● TASK REQUIREMENTS
Because the pictures are not wanted, reproduce the rest of the records below exactly as they stand.

Start of EXCERPTED DATA

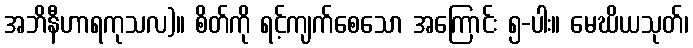
အဘိနီဟာရကုသလ)။ စိတ်ကို ရင့်ကျက်စေသော အကြောင်း ၅-ပါး။ မေဃိယသုတ်၊
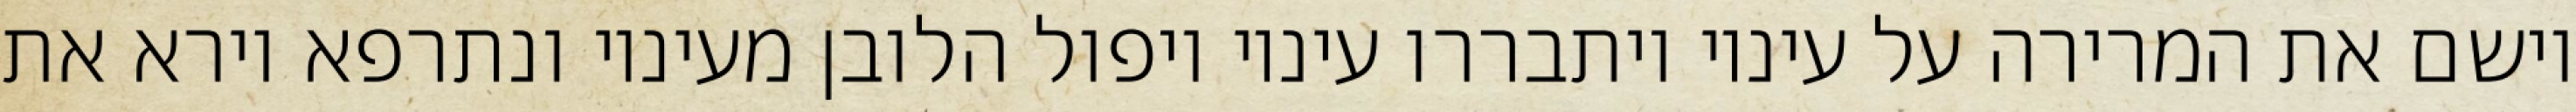
וישם את המרירה על עיניו ויתבררו עיניו ויפול הלובן מעיניו ונתרפא וירא את
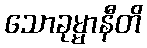
သောခုမ္မာနီတိ
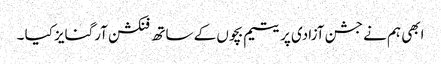
ابھی ہم نے جشن آزادی پر یتیم بچوں کے ساتھ فنکشن آرگنایز کیا ۔
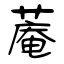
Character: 蓭
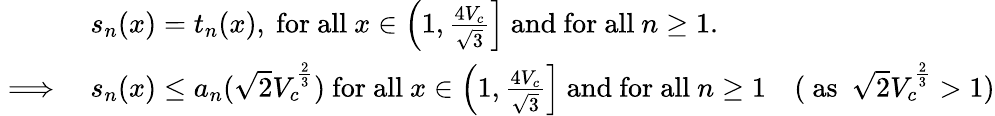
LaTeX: \begin{array}{rlr}&{s_{n}(x)=t_{n}(x),~\mathrm{for~all}~x\in\left(1,\frac{4V_{c}}{\sqrt{3}}\right]~\mathrm{and~for~all}~n\geq 1.}\\ {\implies}&{s_{n}(x)\leq a_{n}(\sqrt{2}V_{c}^{\frac{2}{3}})~\mathrm{for~all}~x\in\left(1,\frac{4V_{c}}{\sqrt{3}}\right]~\mathrm{and~for~all}~n\geq 1}&{(\mathrm{~as~}~\sqrt{2}V_{c}^{\frac{2}{3}}>1)}\end{array}
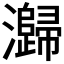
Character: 𭳶
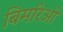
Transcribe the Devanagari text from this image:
बिमरिओ

End of EXCERPTED DATA

● RESULT FOR THIS TASK
အဘိနီဟာရကုသလ)။ စိတ်ကို ရင့်ကျက်စေသော အကြောင်း ၅-ပါး။ မေဃိယသုတ်၊
וישם את המרירה על עיניו ויתבררו עיניו ויפול הלובן מעיניו ונתרפא וירא את
သောခုမ္မာနီတိ
ابھی ہم نے جشن آزادی پر یتیم بچوں کے ساتھ فنکشن آرگنایز کیا ۔
Character: 蓭
LaTeX: \begin{array}{rlr}&{s_{n}(x)=t_{n}(x),~\mathrm{for~all}~x\in\left(1,\frac{4V_{c}}{\sqrt{3}}\right]~\mathrm{and~for~all}~n\geq 1.}\\ {\implies}&{s_{n}(x)\leq a_{n}(\sqrt{2}V_{c}^{\frac{2}{3}})~\mathrm{for~all}~x\in\left(1,\frac{4V_{c}}{\sqrt{3}}\right]~\mathrm{and~for~all}~n\geq 1}&{(\mathrm{~as~}~\sqrt{2}V_{c}^{\frac{2}{3}}>1)}\end{array}
Character: 𭳶
Transcribe the Devanagari text from this image:
बिमरिओ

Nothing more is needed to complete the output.